As for the tribute video, it’s finished now and available on YouTube for viewing here.
I would like to thank the 384th Bomb Group site for permission to use photos from the photo gallery.
And I would especially like to thank Todd Touton and Evan Wallach for permission to use their song. “Damn Yankee” is a hauntingly beautiful song that evokes the emotions of a war where so many sons and husbands and fathers lost their lives in their fight for freedom.

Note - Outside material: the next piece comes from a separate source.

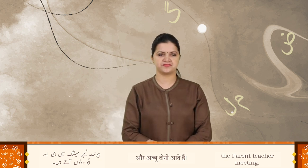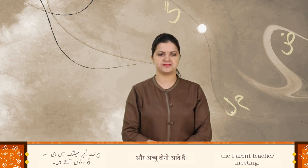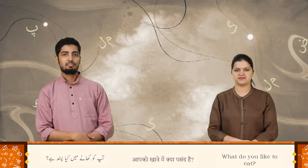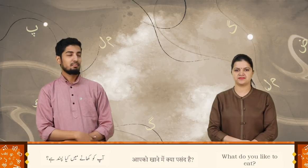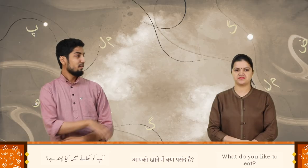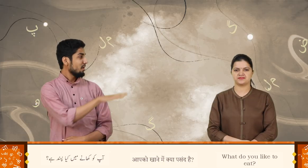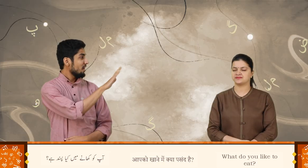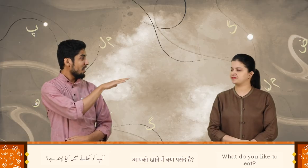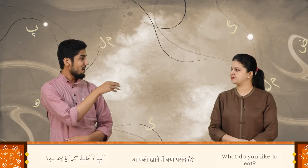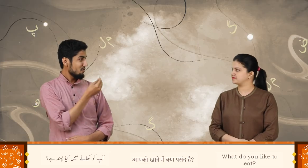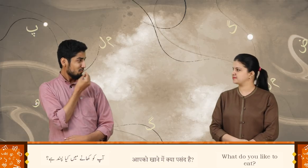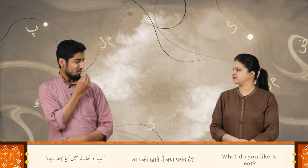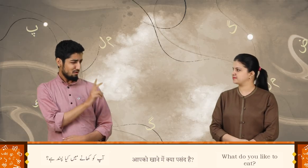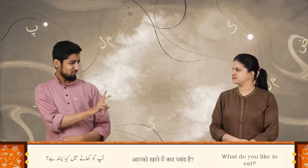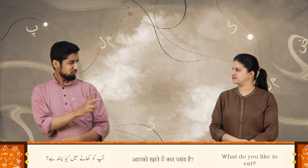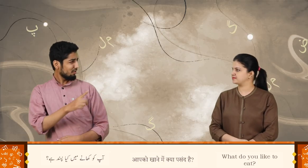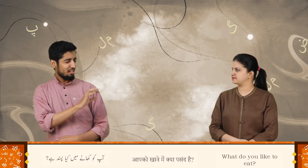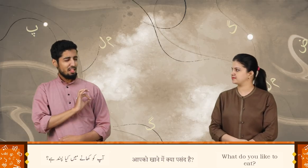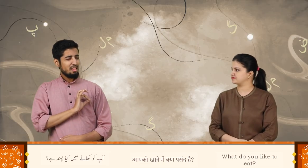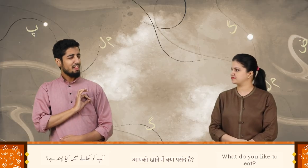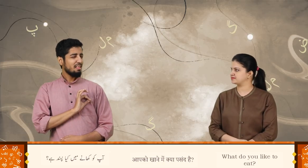آپ کو کھانے میں کیا پسند ہے؟

Many were lost, but many survived to return home and get married and raise children. Bill Touton was one of the fortunate ones who completed his thirty-five missions and made it back. And like Bill’s son, Todd, those of us of the next generation that know of the sacrifice of the young men of WWII’s 384th Bomb Group firsthand want to share their stories with others. We do our best to honor them and it is our responsibility to remind future generations what their lives, and deaths, mean for all of us.
Some of the men of the 384th had only twenty years on this earth, others ninety, but they all leave their legacy – the ones that returned and the ones that didn’t. They embraced a responsibility to defend our country. They fought for our freedom and they won it. We will be forever grateful.